The anthology features 19 short stories and 11 poems of the Gothic and macabre inspired by Edgar Allan Poe’s 1839 story, “The Fall of the House of Usher.”

My contribution, “The Last Stand of Sassacus House,” revolves around one man’s greed not for a house but rather for its absence:

Rueben Tolbridge coveted Sassacus House long before he coveted the woman who owned it. For years Tolbridge slowed his shay past the old Sassacus place in admiration — not for the ramshackle manor itself but rather for its position high above the gray waters of the Sound. Set back from the road, partially screened by tall weeds and braided tree limbs, it staggered his imagination that no one bothered to knock down the decrepit structure and develop the parcel.

Whoever took the trouble of clearing its overgrown acres, Tolbridge told himself, could build the mansion of his dreams, a magnificent home to spoil its owner, then net him a sizable profit when he sold it. If he sold it, and didn’t live out his life there.

Love Letters to Poe, Volume II: Houses of Usher is available in ebook, paperback, hardcover, and large-print formats.

Houses of Usher is the second volume of Poe tribute fiction by editor Sara Crocoll Smith. Meanwhile, the initial entry has been nominated for a Saturday Visiter Award in the category of “Original Works Inspired by E.A. Poe’s Life and Writing.” The winner will be announced in October at the International Edgar Allan Poe Festival & Awards in Baltimore, MD.

The Half That Matters

A little diversion of mine appears in the latest issue of the Australian anthology series Thuggish Itch.

Titled “The Half That Matters,” it’s a story of two fellows on an unsavory errand to dispose of something into the sea.

This one’s a favorite. Not only is it the first time my fiction has been published south of the equator (some of my nonfiction was reprinted in Oz years ago), but it’s also the first time I’ve published a piece of flash fiction.

I wrote “Half” almost back-to-back with “A Tour of the Ramses,” which appears in Professor Charlatan Bardot’s Travel Anthology to the Most (Fictional) Haunted Buildings in the Weird, Wild World. Both stories use a similar first-person perspective in which the action is verbally narrated to an audience, but in the case of “Half,” the narrator is even less trustworthy.

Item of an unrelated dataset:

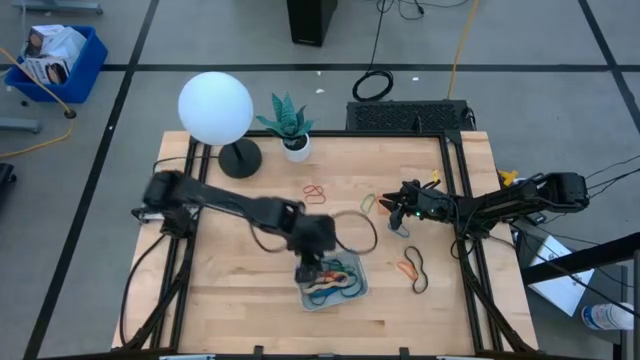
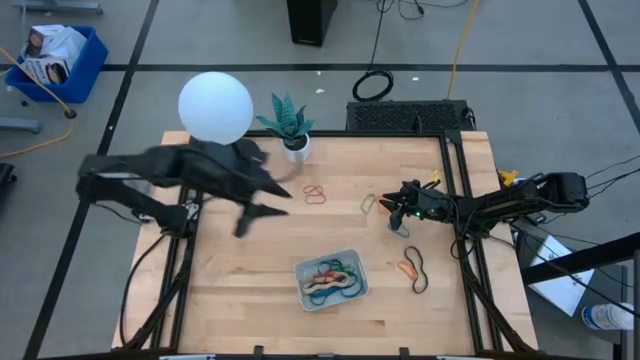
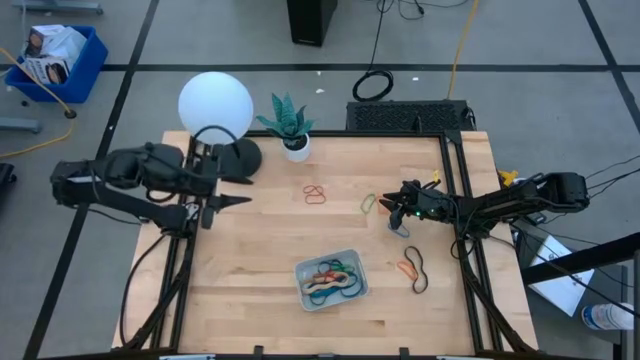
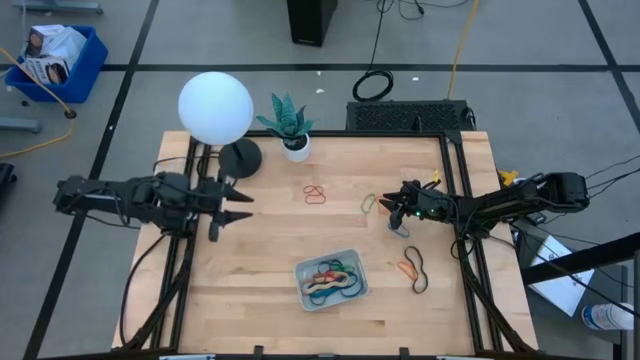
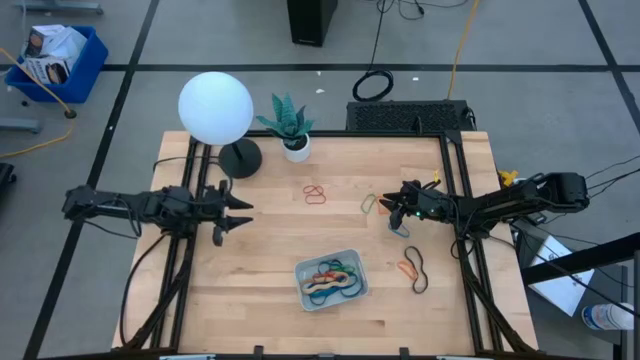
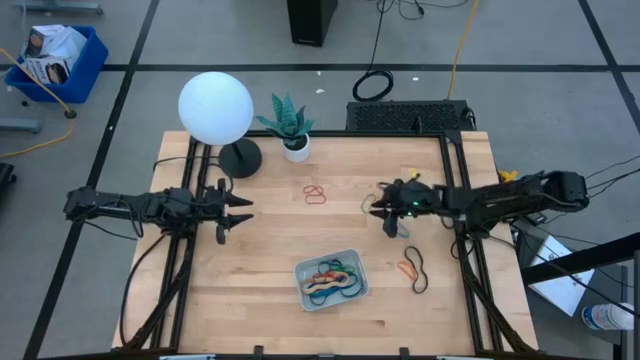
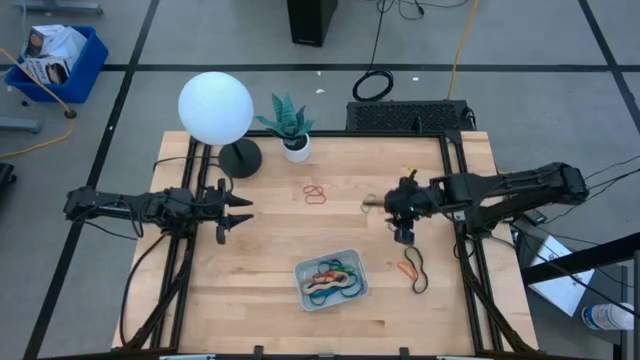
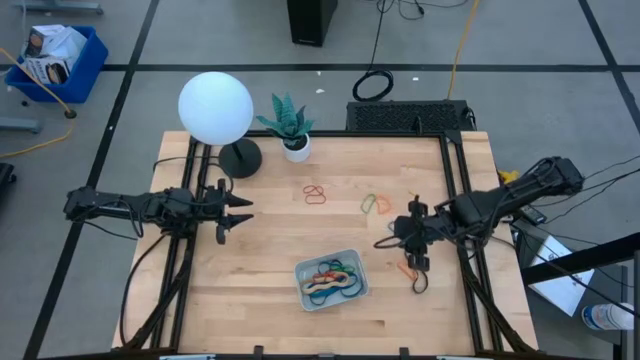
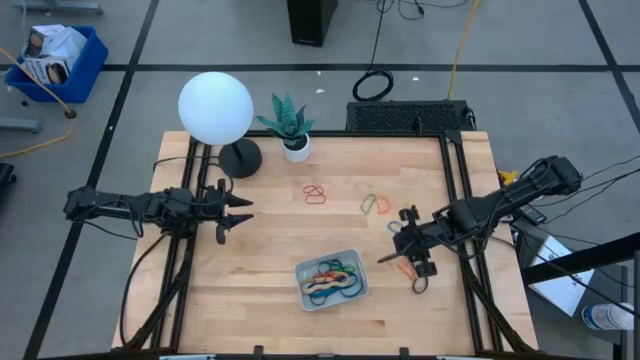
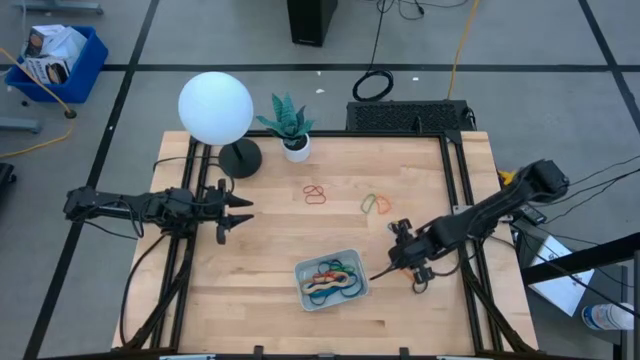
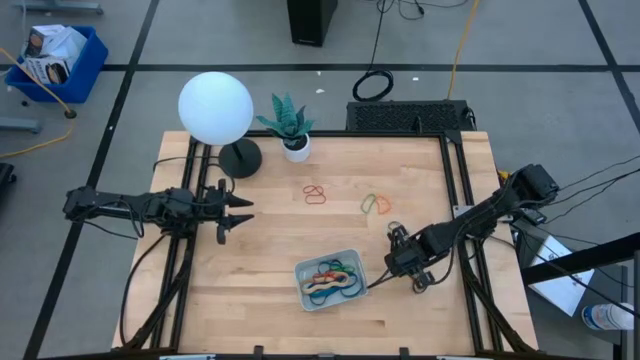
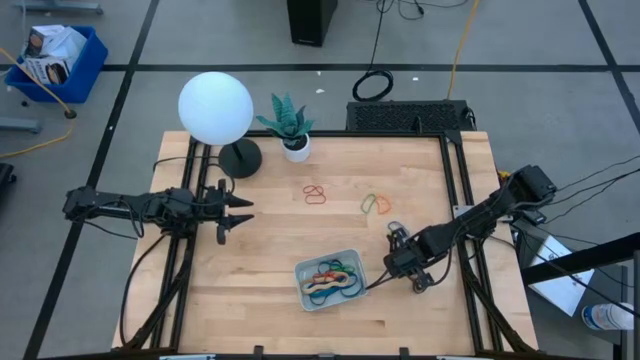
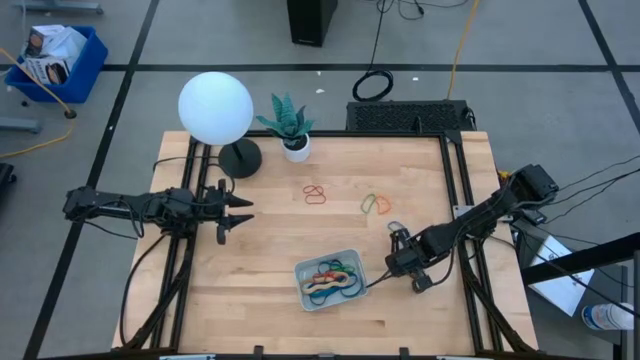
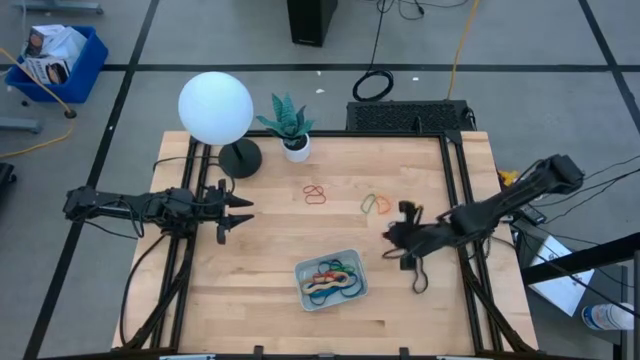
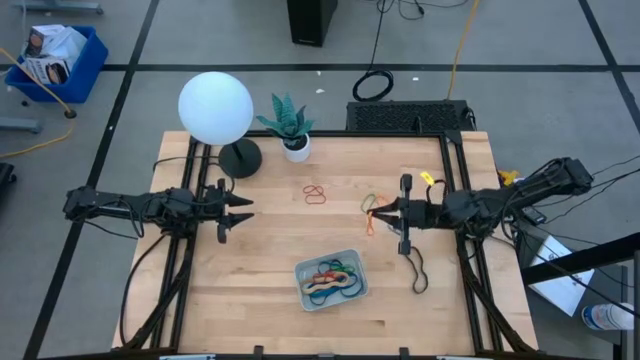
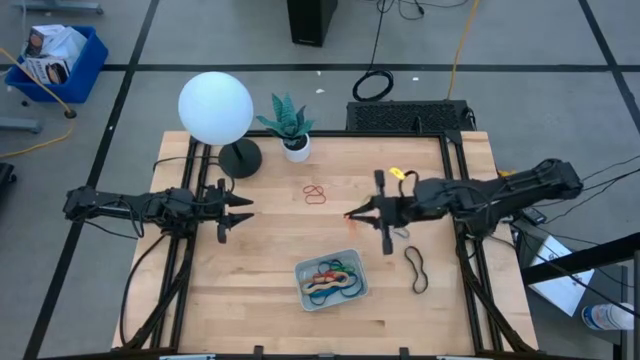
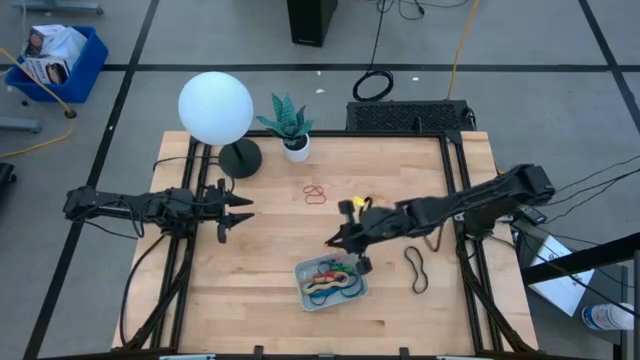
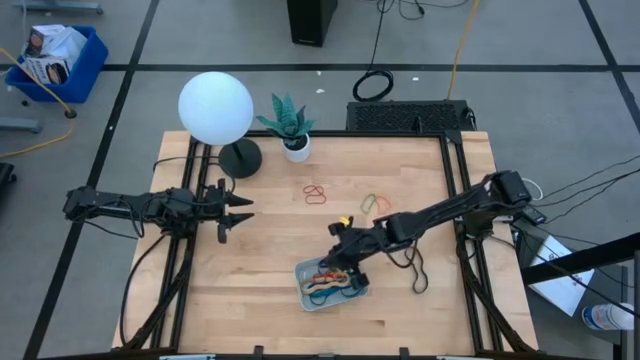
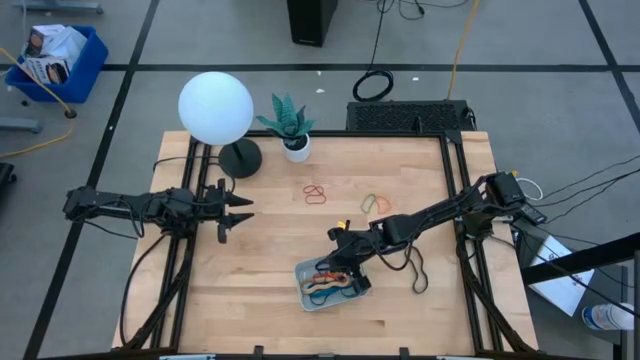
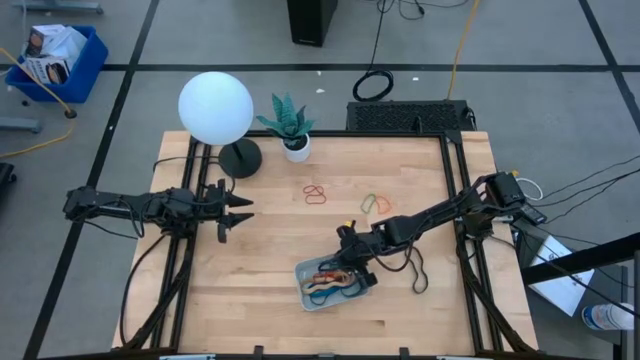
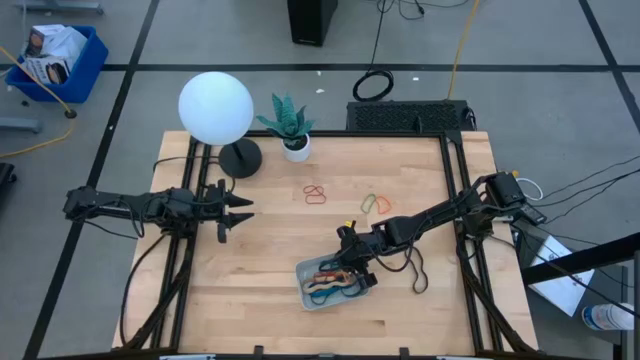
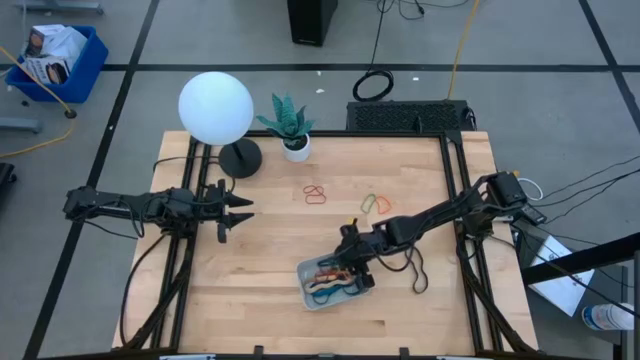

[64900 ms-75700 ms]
Task: Pick and place rubber bands into bin
Put the bottom orange rubber band into the gray bin

Some of the setting’s description is based upon a real place. There’s a hike I enjoy along a sea wall to a lonely peninsula which terminates in an automated lighthouse. I almost never meet anyone out there except for the peninsula’s inhabitants: a handful of feral cats who live among the rocks and dunes. Occasionally schools of bunker (menhaden) are stranded by the ebb tide on the beach’s mud flats, creating a feast for the cats; meanwhile pools of rainwater collect in the natural bowls of the landscape.

The cats and I observe each other from a safe distance, neither sure about the other. I suspect they live better lives than some humans.

You can pick up Thuggish Itch: By the Seaside over on Amazon.

A Tour of the Ramses

I have a story in the latest anthology from Dark Moon Books, Professor Charlatan Bardot’s Travel Anthology to the Most (Fictional) Haunted Buildings in the Weird, Wild World, which will be on shelves in November.

The anthology is an ostensible guidebook edited by world traveler and occult expert Charlatan Bardot. Each story involves a haunted place that’s not a house. There are haunted diners and restaurants, haunted markets and department stores, haunted bars and taverns, haunted theaters, haunted lighthouses, haunted churches, and much more — but not a single haunted house among them.

The locales span all of the continents except Antarctica (in hindsight, I wish I’d pitched a haunted whaling camp). Originally I pitched co-editor Eric Guignard a story set in New York City, only to learn the chapter for North America was full. I then suggested a story set in a haunted hotel in Cairo, based on my impressions of the city from a trip I took there in 2000.

I felt a little experimental while writing “A Tour of the Ramses.” The story involves a naive guide leading a walk through a former luxury hotel, who inadvertently reveals its tragic past. I had a lot of fun researching 1920s Cairo during the process.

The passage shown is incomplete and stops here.